— Estou a falar sério — avisei.

— Então vai. Não tem ninguém te segurando — deu de ombros, enquanto abria tampa da garrafa com os dentes. E quando ele conseguiu, tomou longos goles. Notei Liane ao meu lado o encarar como se estivesse a ver a definição da perfeição a sua frente, mas ela disfarçava muito bem.

— Não sei onde estou — defendi-me.

Sim. Sabia que estava a comportar-me como uma ingrata, mas estava preocupada demais com oque aconteceria-me no momento em que eu chegasse no orfanato. Louise não me pouparia dos castigos.

— Que pena — ele fingiu pertinência e isso irritou-me.

— Se você não me levar de volta para lá agora serei uma garota morta.

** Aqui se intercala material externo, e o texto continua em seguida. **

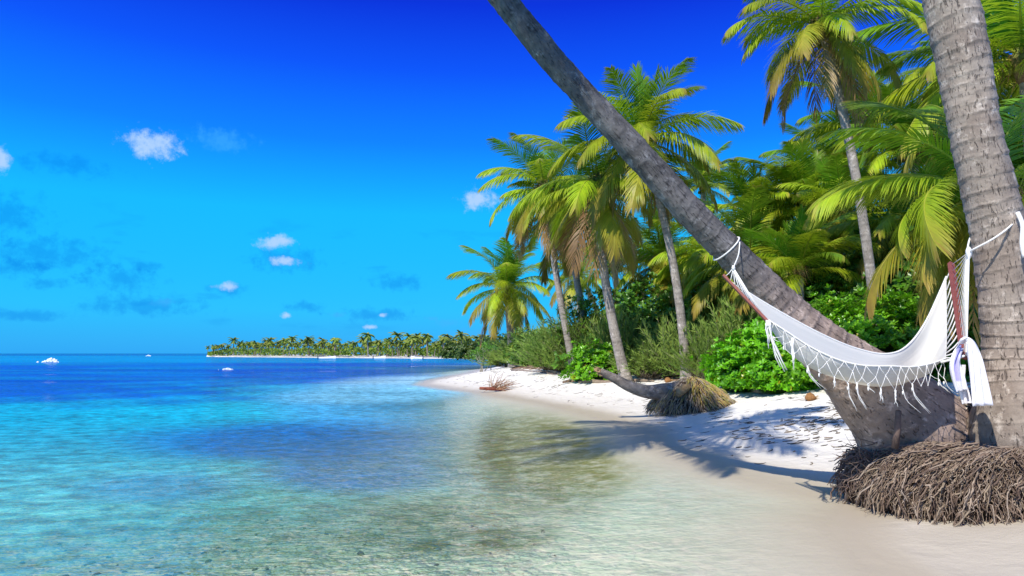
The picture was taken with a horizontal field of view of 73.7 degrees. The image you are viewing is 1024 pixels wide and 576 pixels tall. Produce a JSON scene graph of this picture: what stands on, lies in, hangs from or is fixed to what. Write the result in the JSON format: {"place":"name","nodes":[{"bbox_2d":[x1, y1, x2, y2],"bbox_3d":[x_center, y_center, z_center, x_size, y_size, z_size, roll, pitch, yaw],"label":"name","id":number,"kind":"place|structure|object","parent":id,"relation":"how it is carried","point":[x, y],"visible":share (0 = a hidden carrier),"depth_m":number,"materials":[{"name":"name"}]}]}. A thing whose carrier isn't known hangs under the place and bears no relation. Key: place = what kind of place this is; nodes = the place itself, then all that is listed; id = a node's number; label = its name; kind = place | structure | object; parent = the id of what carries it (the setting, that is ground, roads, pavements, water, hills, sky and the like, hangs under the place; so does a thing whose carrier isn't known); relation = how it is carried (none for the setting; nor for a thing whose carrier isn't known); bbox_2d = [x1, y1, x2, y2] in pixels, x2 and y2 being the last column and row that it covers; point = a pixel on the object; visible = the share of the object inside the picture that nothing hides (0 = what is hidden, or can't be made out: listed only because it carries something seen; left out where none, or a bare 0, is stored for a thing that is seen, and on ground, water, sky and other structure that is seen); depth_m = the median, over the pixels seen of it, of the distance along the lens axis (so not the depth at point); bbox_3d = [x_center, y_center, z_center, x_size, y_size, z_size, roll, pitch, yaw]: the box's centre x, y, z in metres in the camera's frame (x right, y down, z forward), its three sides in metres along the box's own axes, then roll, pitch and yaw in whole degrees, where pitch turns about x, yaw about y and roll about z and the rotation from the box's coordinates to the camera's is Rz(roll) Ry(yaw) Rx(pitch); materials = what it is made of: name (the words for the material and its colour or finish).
{"place":"outdoors","nodes":[
{"label":"outdoors","id":0,"kind":"place"},
{"bbox_2d":[0,353,625,575],"bbox_3d":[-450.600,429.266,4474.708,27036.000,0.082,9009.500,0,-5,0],"label":"water","id":1,"kind":"structure","parent":0,"point":[93,406],"depth_m":14.85,"materials":[{"name":"blue liquid"}]},
{"bbox_2d":[37,357,57,361],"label":"motorboat","id":2,"kind":"object","parent":1,"relation":"on","point":[51,359],"visible":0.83,"depth_m":114.50,"materials":[{"name":"plastic"}]},
{"bbox_2d":[317,355,335,358],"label":"motorboat","id":3,"kind":"object","parent":1,"relation":"on","point":[331,357],"visible":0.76,"depth_m":170.74,"materials":[{"name":"paint"}]},
{"bbox_2d":[373,355,385,358],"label":"motorboat","id":4,"kind":"object","parent":1,"relation":"on","point":[382,357],"visible":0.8,"depth_m":174.85,"materials":[{"name":"paint"}]},
{"bbox_2d":[411,355,423,358],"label":"motorboat","id":5,"kind":"object","parent":1,"relation":"on","point":[413,357],"visible":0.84,"depth_m":168.87,"materials":[{"name":"paint"}]},
{"bbox_2d":[206,355,454,358],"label":"beach","id":6,"kind":"structure","parent":0,"point":[364,356],"depth_m":241.02,"materials":[{"name":"white sand"}]},
{"bbox_2d":[228,337,239,354],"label":"palm","id":7,"kind":"object","parent":6,"relation":"on","point":[234,340],"visible":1,"depth_m":285.07,"materials":[{"name":"green plant"}]},
{"bbox_2d":[251,340,258,355],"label":"palm","id":8,"kind":"object","parent":6,"relation":"on","point":[255,343],"visible":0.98,"depth_m":266.27,"materials":[{"name":"green plant"}]},
{"bbox_2d":[265,337,274,355],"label":"palm","id":9,"kind":"object","parent":6,"relation":"on","point":[269,339],"visible":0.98,"depth_m":275.69,"materials":[{"name":"green plant"}]},
{"bbox_2d":[279,338,288,355],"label":"palm","id":10,"kind":"object","parent":6,"relation":"on","point":[283,340],"visible":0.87,"depth_m":262.71,"materials":[{"name":"green plant"}]},
{"bbox_2d":[285,342,293,355],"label":"palm","id":11,"kind":"object","parent":6,"relation":"on","point":[289,344],"visible":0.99,"depth_m":250.14,"materials":[{"name":"green plant"}]},
{"bbox_2d":[286,335,298,355],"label":"palm","id":12,"kind":"object","parent":6,"relation":"on","point":[291,339],"visible":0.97,"depth_m":252.18,"materials":[{"name":"green plant"}]},
{"bbox_2d":[303,336,314,355],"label":"palm","id":13,"kind":"object","parent":6,"relation":"on","point":[306,340],"visible":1,"depth_m":238.13,"materials":[{"name":"green plant"}]},
{"bbox_2d":[317,337,327,355],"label":"palm","id":14,"kind":"object","parent":6,"relation":"on","point":[322,340],"visible":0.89,"depth_m":238.88,"materials":[{"name":"green plant"}]},
{"bbox_2d":[207,345,444,356],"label":"woodland","id":15,"kind":"object","parent":6,"relation":"on","point":[345,351],"visible":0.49,"depth_m":236.27,"materials":[{"name":"green plant"}]},
{"bbox_2d":[329,337,341,353],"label":"palm","id":16,"kind":"object","parent":6,"relation":"on","point":[334,340],"visible":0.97,"depth_m":230.79,"materials":[{"name":"green plant"}]},
{"bbox_2d":[356,336,364,353],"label":"palm","id":17,"kind":"object","parent":6,"relation":"on","point":[361,339],"visible":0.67,"depth_m":243.50,"materials":[{"name":"green plant"}]},
{"bbox_2d":[359,332,374,356],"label":"palm","id":18,"kind":"object","parent":6,"relation":"on","point":[367,338],"visible":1,"depth_m":184.20,"materials":[{"name":"green plant"}]},
{"bbox_2d":[364,341,373,348],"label":"palm","id":19,"kind":"object","parent":6,"relation":"on","point":[369,344],"visible":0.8,"depth_m":223.03,"materials":[{"name":"green plant"}]},
{"bbox_2d":[374,339,382,355],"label":"palm","id":20,"kind":"object","parent":6,"relation":"on","point":[378,342],"visible":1,"depth_m":216.70,"materials":[{"name":"green plant"}]},
{"bbox_2d":[383,338,392,355],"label":"palm","id":21,"kind":"object","parent":6,"relation":"on","point":[387,340],"visible":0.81,"depth_m":220.25,"materials":[{"name":"green plant"}]},
{"bbox_2d":[388,341,395,355],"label":"palm","id":22,"kind":"object","parent":6,"relation":"on","point":[392,344],"visible":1,"depth_m":209.45,"materials":[{"name":"green plant"}]},
{"bbox_2d":[389,331,404,355],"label":"palm","id":23,"kind":"object","parent":6,"relation":"on","point":[396,338],"visible":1,"depth_m":210.13,"materials":[{"name":"green plant"}]},
{"bbox_2d":[396,340,403,355],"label":"palm","id":24,"kind":"object","parent":6,"relation":"on","point":[399,343],"visible":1,"depth_m":210.19,"materials":[{"name":"green plant"}]},
{"bbox_2d":[403,340,410,355],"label":"palm","id":25,"kind":"object","parent":6,"relation":"on","point":[406,344],"visible":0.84,"depth_m":208.33,"materials":[{"name":"green plant"}]},
{"bbox_2d":[403,333,412,354],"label":"palm","id":26,"kind":"object","parent":6,"relation":"on","point":[408,336],"visible":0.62,"depth_m":247.34,"materials":[{"name":"green plant"}]},
{"bbox_2d":[408,338,418,355],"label":"palm","id":27,"kind":"object","parent":6,"relation":"on","point":[411,341],"visible":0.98,"depth_m":205.33,"materials":[{"name":"green plant"}]},
{"bbox_2d":[410,335,421,355],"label":"palm","id":28,"kind":"object","parent":6,"relation":"on","point":[416,340],"visible":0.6,"depth_m":208.30,"materials":[{"name":"green plant"}]},
{"bbox_2d":[419,333,433,355],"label":"palm","id":29,"kind":"object","parent":6,"relation":"on","point":[427,337],"visible":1,"depth_m":205.29,"materials":[{"name":"green plant"}]},
{"bbox_2d":[438,336,449,347],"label":"palm","id":30,"kind":"object","parent":6,"relation":"on","point":[444,340],"visible":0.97,"depth_m":196.30,"materials":[{"name":"green plant"}]},
{"bbox_2d":[440,334,453,339],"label":"palm","id":31,"kind":"object","parent":6,"relation":"on","point":[447,335],"visible":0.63,"depth_m":217.85,"materials":[{"name":"green plant"}]},
{"bbox_2d":[454,330,469,341],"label":"palm","id":32,"kind":"object","parent":6,"relation":"on","point":[461,335],"visible":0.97,"depth_m":191.89,"materials":[{"name":"green plant"}]},
{"bbox_2d":[462,335,473,342],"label":"palm","id":33,"kind":"object","parent":6,"relation":"on","point":[468,338],"visible":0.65,"depth_m":197.25,"materials":[{"name":"green plant"}]},
{"bbox_2d":[438,339,466,359],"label":"broadleaf tree","id":34,"kind":"object","parent":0,"point":[450,350],"visible":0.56,"depth_m":148.46,"materials":[{"name":"green plant"}]},
{"bbox_2d":[0,0,1016,352],"label":"sky","id":35,"kind":"structure","parent":0,"point":[177,176],"materials":[{"name":"blue"}]},
{"bbox_2d":[0,365,1023,575],"bbox_3d":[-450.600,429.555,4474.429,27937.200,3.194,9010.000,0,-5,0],"label":"sand","id":36,"kind":"structure","parent":0,"point":[711,506],"depth_m":8.02,"materials":[{"name":"beige sand"}]},
{"bbox_2d":[454,337,487,360],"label":"broadleaf tree","id":37,"kind":"object","parent":36,"relation":"on","point":[464,351],"visible":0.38,"depth_m":133.30,"materials":[{"name":"green plant"}]},
{"bbox_2d":[466,341,501,371],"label":"sapling","id":38,"kind":"object","parent":36,"relation":"on","point":[483,346],"visible":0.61,"depth_m":43.58,"materials":[{"name":"green plant"}]},
{"bbox_2d":[471,340,498,358],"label":"broadleaf tree","id":39,"kind":"object","parent":36,"relation":"on","point":[475,347],"visible":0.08,"depth_m":127.64,"materials":[{"name":"green plant"}]},
{"bbox_2d":[472,347,507,366],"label":"feathery shrub","id":40,"kind":"object","parent":36,"relation":"on","point":[496,363],"visible":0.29,"depth_m":41.44,"materials":[{"name":"green plant"}]},
{"bbox_2d":[474,332,506,359],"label":"broadleaf tree","id":41,"kind":"object","parent":36,"relation":"on","point":[500,337],"visible":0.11,"depth_m":118.47,"materials":[{"name":"green plant"}]},
{"bbox_2d":[479,373,516,391],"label":"dead palm branch","id":42,"kind":"object","parent":36,"relation":"on","point":[495,387],"visible":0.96,"depth_m":25.92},
{"bbox_2d":[445,237,561,366],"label":"palm tree","id":43,"kind":"object","parent":36,"relation":"on","point":[507,284],"visible":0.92,"depth_m":39.32,"materials":[{"name":"green plant"}]},
{"bbox_2d":[488,334,518,363],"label":"feathery shrub","id":44,"kind":"object","parent":36,"relation":"on","point":[500,353],"visible":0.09,"depth_m":37.45,"materials":[{"name":"green plant"}]},
{"bbox_2d":[511,368,556,373],"bbox_3d":[0.944,3.737,30.811,0.149,0.169,4.384,3,-6,-25],"label":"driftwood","id":45,"kind":"object","parent":36,"relation":"on","point":[518,369],"visible":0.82,"depth_m":31.38,"materials":[{"name":"grey wood"}]},
{"bbox_2d":[476,132,594,372],"bbox_3d":[1.271,-1.442,28.166,5.584,10.479,5.534,0,-5,0],"label":"palm tree","id":46,"kind":"object","parent":36,"relation":"on","point":[539,168],"visible":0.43,"depth_m":28.01,"materials":[{"name":"green plant"}]},
{"bbox_2d":[501,319,573,365],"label":"leafy bush","id":47,"kind":"object","parent":36,"relation":"on","point":[513,358],"visible":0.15,"depth_m":35.45,"materials":[{"name":"green plant"}]},
{"bbox_2d":[498,333,579,370],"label":"feathery shrub","id":48,"kind":"object","parent":36,"relation":"on","point":[543,364],"visible":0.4,"depth_m":29.18,"materials":[{"name":"green plant"}]},
{"bbox_2d":[502,318,576,360],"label":"feathery shrub","id":49,"kind":"object","parent":36,"relation":"on","point":[539,333],"visible":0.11,"depth_m":34.41,"materials":[{"name":"green plant"}]},
{"bbox_2d":[540,371,572,374],"bbox_3d":[1.947,3.560,28.314,0.126,0.146,3.260,2,-6,-24],"label":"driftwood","id":50,"kind":"object","parent":36,"relation":"on","point":[551,373],"visible":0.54,"depth_m":29.03,"materials":[{"name":"grey wood"}]},
{"bbox_2d":[499,156,627,322],"bbox_3d":[2.324,-1.174,29.868,6.052,9.867,5.208,4,-7,-36],"label":"palm tree","id":51,"kind":"object","parent":36,"relation":"on","point":[543,267],"visible":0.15,"depth_m":30.33,"materials":[{"name":"green plant"}]},
{"bbox_2d":[562,379,575,382],"bbox_3d":[2.504,3.306,24.018,0.166,0.199,2.036,4,-7,-38],"label":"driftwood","id":52,"kind":"object","parent":36,"relation":"on","point":[566,381],"visible":0.38,"depth_m":24.58,"materials":[{"name":"wood"}]},
{"bbox_2d":[518,293,630,364],"bbox_3d":[3.092,1.704,29.152,5.702,3.528,4.936,0,-5,0],"label":"feathery shrub","id":53,"kind":"object","parent":36,"relation":"on","point":[572,336],"visible":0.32,"depth_m":28.10,"materials":[{"name":"green plant"}]},
{"bbox_2d":[537,253,619,321],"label":"palm tree","id":54,"kind":"object","parent":36,"relation":"on","point":[570,291],"visible":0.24,"depth_m":45.77,"materials":[{"name":"green plant"}]},
{"bbox_2d":[558,338,617,381],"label":"leafy bush","id":55,"kind":"object","parent":36,"relation":"on","point":[587,360],"visible":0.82,"depth_m":23.80,"materials":[{"name":"green plant"}]},
{"bbox_2d":[508,102,682,381],"bbox_3d":[2.606,-1.225,22.186,5.521,9.197,5.148,0,-5,0],"label":"palm tree","id":56,"kind":"object","parent":36,"relation":"on","point":[579,195],"visible":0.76,"depth_m":21.88,"materials":[{"name":"green plant"}]},
{"bbox_2d":[574,217,652,303],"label":"palm tree","id":57,"kind":"object","parent":36,"relation":"on","point":[584,283],"visible":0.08,"depth_m":36.48,"materials":[{"name":"green plant"}]},
{"bbox_2d":[545,271,685,368],"bbox_3d":[5.538,1.394,29.164,8.383,4.109,4.871,0,-5,0],"label":"leafy bush","id":58,"kind":"object","parent":36,"relation":"on","point":[628,299],"visible":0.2,"depth_m":28.55,"materials":[{"name":"green plant"}]},
{"bbox_2d":[578,379,653,383],"bbox_3d":[3.405,3.115,22.631,0.213,0.265,3.176,5,-7,-41],"label":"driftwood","id":59,"kind":"object","parent":36,"relation":"on","point":[608,381],"visible":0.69,"depth_m":22.95,"materials":[{"name":"wood"}]},
{"bbox_2d":[579,303,670,364],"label":"feathery shrub","id":60,"kind":"object","parent":36,"relation":"on","point":[628,332],"visible":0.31,"depth_m":25.59,"materials":[{"name":"green plant"}]},
{"bbox_2d":[606,338,679,377],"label":"feathery shrub","id":61,"kind":"object","parent":36,"relation":"on","point":[647,370],"visible":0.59,"depth_m":21.96,"materials":[{"name":"green plant"}]},
{"bbox_2d":[547,57,743,378],"bbox_3d":[4.091,-2.015,21.120,5.962,10.189,5.779,0,-5,0],"label":"palm tree","id":62,"kind":"object","parent":36,"relation":"on","point":[642,122],"visible":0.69,"depth_m":20.71,"materials":[{"name":"green plant"}]},
{"bbox_2d":[445,365,855,464],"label":"beach litter","id":63,"kind":"object","parent":36,"relation":"on","point":[675,379],"visible":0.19,"depth_m":11.38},
{"bbox_2d":[627,332,676,367],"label":"feathery shrub","id":64,"kind":"object","parent":36,"relation":"on","point":[635,340],"visible":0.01,"depth_m":23.49,"materials":[{"name":"green plant"}]},
{"bbox_2d":[598,200,709,310],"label":"palm tree","id":65,"kind":"object","parent":36,"relation":"on","point":[655,246],"visible":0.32,"depth_m":29.73,"materials":[{"name":"green plant"}]},
{"bbox_2d":[594,366,736,416],"bbox_3d":[3.472,2.330,15.328,3.359,1.157,1.646,0,-5,0],"label":"fallen palm stump","id":66,"kind":"object","parent":36,"relation":"on","point":[690,395],"visible":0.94,"depth_m":14.99,"materials":[{"name":"brown plant"}]},
{"bbox_2d":[664,377,672,382],"bbox_3d":[4.788,2.806,20.828,0.261,0.180,0.167,0,-5,0],"label":"coconut husk","id":67,"kind":"object","parent":36,"relation":"on","point":[667,379],"visible":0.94,"depth_m":20.78,"materials":[{"name":"orange plant"}]},
{"bbox_2d":[626,306,718,374],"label":"feathery shrub","id":68,"kind":"object","parent":36,"relation":"on","point":[665,342],"visible":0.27,"depth_m":21.57,"materials":[{"name":"green plant"}]},
{"bbox_2d":[629,275,717,346],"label":"leafy bush","id":69,"kind":"object","parent":36,"relation":"on","point":[663,304],"visible":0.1,"depth_m":26.44,"materials":[{"name":"green plant"}]},
{"bbox_2d":[658,321,739,378],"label":"feathery shrub","id":70,"kind":"object","parent":36,"relation":"on","point":[705,346],"visible":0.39,"depth_m":20.15,"materials":[{"name":"green plant"}]},
{"bbox_2d":[644,207,771,313],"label":"palm tree","id":71,"kind":"object","parent":36,"relation":"on","point":[685,247],"visible":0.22,"depth_m":26.77,"materials":[{"name":"green plant"}]},
{"bbox_2d":[673,141,745,214],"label":"palm tree","id":72,"kind":"object","parent":36,"relation":"on","point":[706,176],"visible":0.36,"depth_m":33.26,"materials":[{"name":"green plant"}]},
{"bbox_2d":[673,288,762,359],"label":"feathery shrub","id":73,"kind":"object","parent":36,"relation":"on","point":[734,321],"visible":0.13,"depth_m":20.64,"materials":[{"name":"green plant"}]},
{"bbox_2d":[488,0,971,513],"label":"palm tree","id":74,"kind":"object","parent":36,"relation":"on","point":[886,421],"visible":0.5,"depth_m":6.53,"materials":[{"name":"grey plant"}]},
{"bbox_2d":[713,211,1023,413],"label":"hammock","id":75,"kind":"object","parent":74,"relation":"hanging from","point":[922,352],"visible":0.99,"depth_m":6.27,"materials":[{"name":"white fabric"}]},
{"bbox_2d":[949,336,992,405],"bbox_3d":[3.949,0.721,5.939,0.253,0.599,0.267,2,-6,-21],"label":"beach scarf","id":76,"kind":"object","parent":75,"relation":"hanging from","point":[980,392],"visible":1,"depth_m":5.90,"materials":[{"name":"cloth"}]},
{"bbox_2d":[689,316,778,391],"bbox_3d":[6.268,1.466,16.895,3.265,2.141,2.871,0,-5,0],"label":"leafy bush","id":77,"kind":"object","parent":36,"relation":"on","point":[724,363],"visible":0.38,"depth_m":16.48,"materials":[{"name":"green plant"}]},
{"bbox_2d":[692,159,807,253],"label":"palm tree","id":78,"kind":"object","parent":36,"relation":"on","point":[740,186],"visible":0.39,"depth_m":25.68,"materials":[{"name":"green plant"}]},
{"bbox_2d":[670,184,842,322],"bbox_3d":[7.924,-0.049,22.084,5.088,5.874,5.012,-2,-6,23],"label":"palm tree","id":79,"kind":"object","parent":36,"relation":"on","point":[691,282],"visible":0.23,"depth_m":21.46,"materials":[{"name":"green plant"}]},
{"bbox_2d":[684,259,844,330],"bbox_3d":[9.449,0.699,23.062,8.540,4.106,5.114,0,-5,0],"label":"leafy bush","id":80,"kind":"object","parent":36,"relation":"on","point":[687,304],"visible":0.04,"depth_m":22.84,"materials":[{"name":"green plant"}]},
{"bbox_2d":[729,341,819,393],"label":"leafy bush","id":81,"kind":"object","parent":36,"relation":"on","point":[758,377],"visible":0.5,"depth_m":15.03,"materials":[{"name":"green plant"}]},
{"bbox_2d":[721,203,885,315],"bbox_3d":[8.492,0.084,20.081,4.346,5.196,4.108,-2,-6,21],"label":"palm tree","id":82,"kind":"object","parent":36,"relation":"on","point":[800,249],"visible":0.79,"depth_m":19.73,"materials":[{"name":"green plant"}]},
{"bbox_2d":[731,136,880,242],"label":"palm tree","id":83,"kind":"object","parent":36,"relation":"on","point":[800,170],"visible":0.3,"depth_m":24.96,"materials":[{"name":"green plant"}]},
{"bbox_2d":[805,392,818,400],"bbox_3d":[5.870,2.132,13.358,0.261,0.180,0.167,0,-5,0],"label":"coconut husk","id":84,"kind":"object","parent":36,"relation":"on","point":[810,396],"visible":0.97,"depth_m":13.31,"materials":[{"name":"orange plant"}]},
{"bbox_2d":[721,0,928,292],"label":"palm tree","id":85,"kind":"object","parent":36,"relation":"on","point":[845,69],"visible":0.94,"depth_m":17.33,"materials":[{"name":"green plant"}]},
{"bbox_2d":[758,107,899,228],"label":"palm tree","id":86,"kind":"object","parent":36,"relation":"on","point":[819,148],"visible":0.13,"depth_m":29.34,"materials":[{"name":"green plant"}]},
{"bbox_2d":[769,151,902,280],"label":"palm tree","id":87,"kind":"object","parent":36,"relation":"on","point":[826,165],"visible":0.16,"depth_m":22.97,"materials":[{"name":"green plant"}]},
{"bbox_2d":[784,211,919,319],"bbox_3d":[11.379,0.132,21.052,7.660,4.836,4.982,0,-5,0],"label":"leafy bush","id":88,"kind":"object","parent":36,"relation":"on","point":[821,288],"visible":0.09,"depth_m":20.20,"materials":[{"name":"green plant"}]},
{"bbox_2d":[794,198,909,256],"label":"palm tree","id":89,"kind":"object","parent":36,"relation":"on","point":[868,212],"visible":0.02,"depth_m":23.44,"materials":[{"name":"green plant"}]},
{"bbox_2d":[789,56,924,215],"bbox_3d":[13.825,-2.935,26.553,5.740,12.075,5.874,0,-5,0],"label":"palm tree","id":90,"kind":"object","parent":36,"relation":"on","point":[825,126],"visible":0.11,"depth_m":26.89,"materials":[{"name":"green plant"}]},
{"bbox_2d":[771,278,952,386],"bbox_3d":[7.802,0.957,14.665,4.313,2.301,3.364,-2,-6,19],"label":"leafy bush","id":91,"kind":"object","parent":36,"relation":"on","point":[880,331],"visible":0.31,"depth_m":14.35,"materials":[{"name":"green plant"}]},
{"bbox_2d":[826,75,956,186],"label":"palm tree","id":92,"kind":"object","parent":36,"relation":"on","point":[896,125],"visible":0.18,"depth_m":23.15,"materials":[{"name":"green plant"}]},
{"bbox_2d":[825,150,960,298],"bbox_3d":[11.741,-0.671,19.956,4.992,6.435,5.673,-2,-6,18],"label":"palm tree","id":93,"kind":"object","parent":36,"relation":"on","point":[885,224],"visible":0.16,"depth_m":19.72,"materials":[{"name":"green plant"}]},
{"bbox_2d":[836,193,977,320],"bbox_3d":[13.099,-0.606,19.082,8.067,5.942,5.395,-2,-6,24],"label":"leafy bush","id":94,"kind":"object","parent":36,"relation":"on","point":[908,283],"visible":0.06,"depth_m":18.52,"materials":[{"name":"green plant"}]},
{"bbox_2d":[802,95,1023,346],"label":"palm tree","id":95,"kind":"object","parent":36,"relation":"on","point":[929,234],"visible":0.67,"depth_m":10.32,"materials":[{"name":"green plant"}]},
{"bbox_2d":[886,289,980,381],"bbox_3d":[9.034,0.819,13.978,2.864,2.269,2.774,-3,-6,30],"label":"leafy bush","id":96,"kind":"object","parent":36,"relation":"on","point":[946,375],"visible":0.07,"depth_m":13.30,"materials":[{"name":"green plant"}]},
{"bbox_2d":[845,0,1023,172],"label":"palm tree","id":97,"kind":"object","parent":36,"relation":"on","point":[1005,28],"visible":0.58,"depth_m":16.02,"materials":[{"name":"green plant"}]},
{"bbox_2d":[849,0,1023,526],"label":"palm tree","id":98,"kind":"object","parent":36,"relation":"on","point":[980,479],"visible":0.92,"depth_m":6.33,"materials":[{"name":"grey plant"}]},
{"bbox_2d":[872,1,1018,130],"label":"palm tree","id":99,"kind":"object","parent":36,"relation":"on","point":[916,71],"visible":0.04,"depth_m":22.25,"materials":[{"name":"green plant"}]},
{"bbox_2d":[904,83,1023,284],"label":"palm tree","id":100,"kind":"object","parent":36,"relation":"on","point":[1018,161],"visible":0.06,"depth_m":17.89,"materials":[{"name":"green plant"}]}
]}

— Os seus pais são maus? — Liane finalmente se manifestou. Não fiquei incomodada com a sua pergunta. Ela não sabia e não tinha culpa.

— Ela não…

— Sim. E eles são horríveis o suficiente para me fazer desejar nunca ter nascido — interrompi Haden bruscamente, numa tentava de o fazer entender bem as minhas indiretas.

Ele encarou-me impassível.

— Que chato. Sinto muito — ela tocou no meu ombro, a tentar passar-me algum conforto.

— É, também sinto.

— Tudo bem. Vamos embora — ele deixou a garrafa de cerveja inacabada na bancada da cozinha e em seguida fez o seu caminho até a sala de estar. Virei-me para Liane com um sorriso.

— Foi muito bom conhecer você… — comecei a minha frase de despedida e ela levantou-se para puxar-me para um abraço que retribui na mesma hora.

— Espero voltar a reve-lá, algum dia.

— Também — concordei.

— Se demorar irá a pé e sozinha! — Haden gritou em plenos pulmões. Revirei os olhos enquanto me desenvencilhava da loira. Andamos juntas, cozinha afora e eu continuei o meu caminho em direção a Luke que estava esparramado no sofá. Ele franziu as sobrancelhas quando me aproximei dele, segurei no seu rosto com as duas mãos para dar-lhe um beijo na bochecha seguido de um abraço.

— Adeus — o despedi assim que me afastei. Ele concordou com a cabeça a parecer incapaz de falar.

Olhei para Liane pela última vez antes de sorrir e seguir o homem mal-amado em direção a saída da sua casa.

— O que foi aquilo com o meu irmão? — Haden perguntou assim que saímos porta afora.

— O quê? Apenas me despedi dele.

— Com um beijo na bochecha?

O encarei confusa e com as sobrancelhas unidas.

— Ficou com ciúmes? — provoquei. — Quer que eu o de um beijo também? — fiz menção de aproximar-me um pouco dele, apenas para o deixar constrangido.

Ele parou de andar e se virou para mim.

— Sim.

A sua resposta surpreendeu-me. Congelei no mesmo lugar com os olhos arregalados e por um momento esqueci-me de como respirar. Ele não parecia estar a brincar quando se aproximou mais de mim. Os meus pés haviam ficado presos no chão e eu não conseguia fazer mais nada para além de o encarar se aproximar de mim.

Desviei o olhar das suas íris acinzentadas para a sua boca completamente atónica e sem palavras. A sua respiração calma se misturou com a minha quando o seu rosto ficou muito próximo do meu. Queria o afastar e mandar nunca mais se aproximar de mim, mas nada saia. A minha mente estava em branco. Mesmo quando, o espaço entre nós estava a ficar cada vez mais preenchido continuei imóvel. Apenas respirando.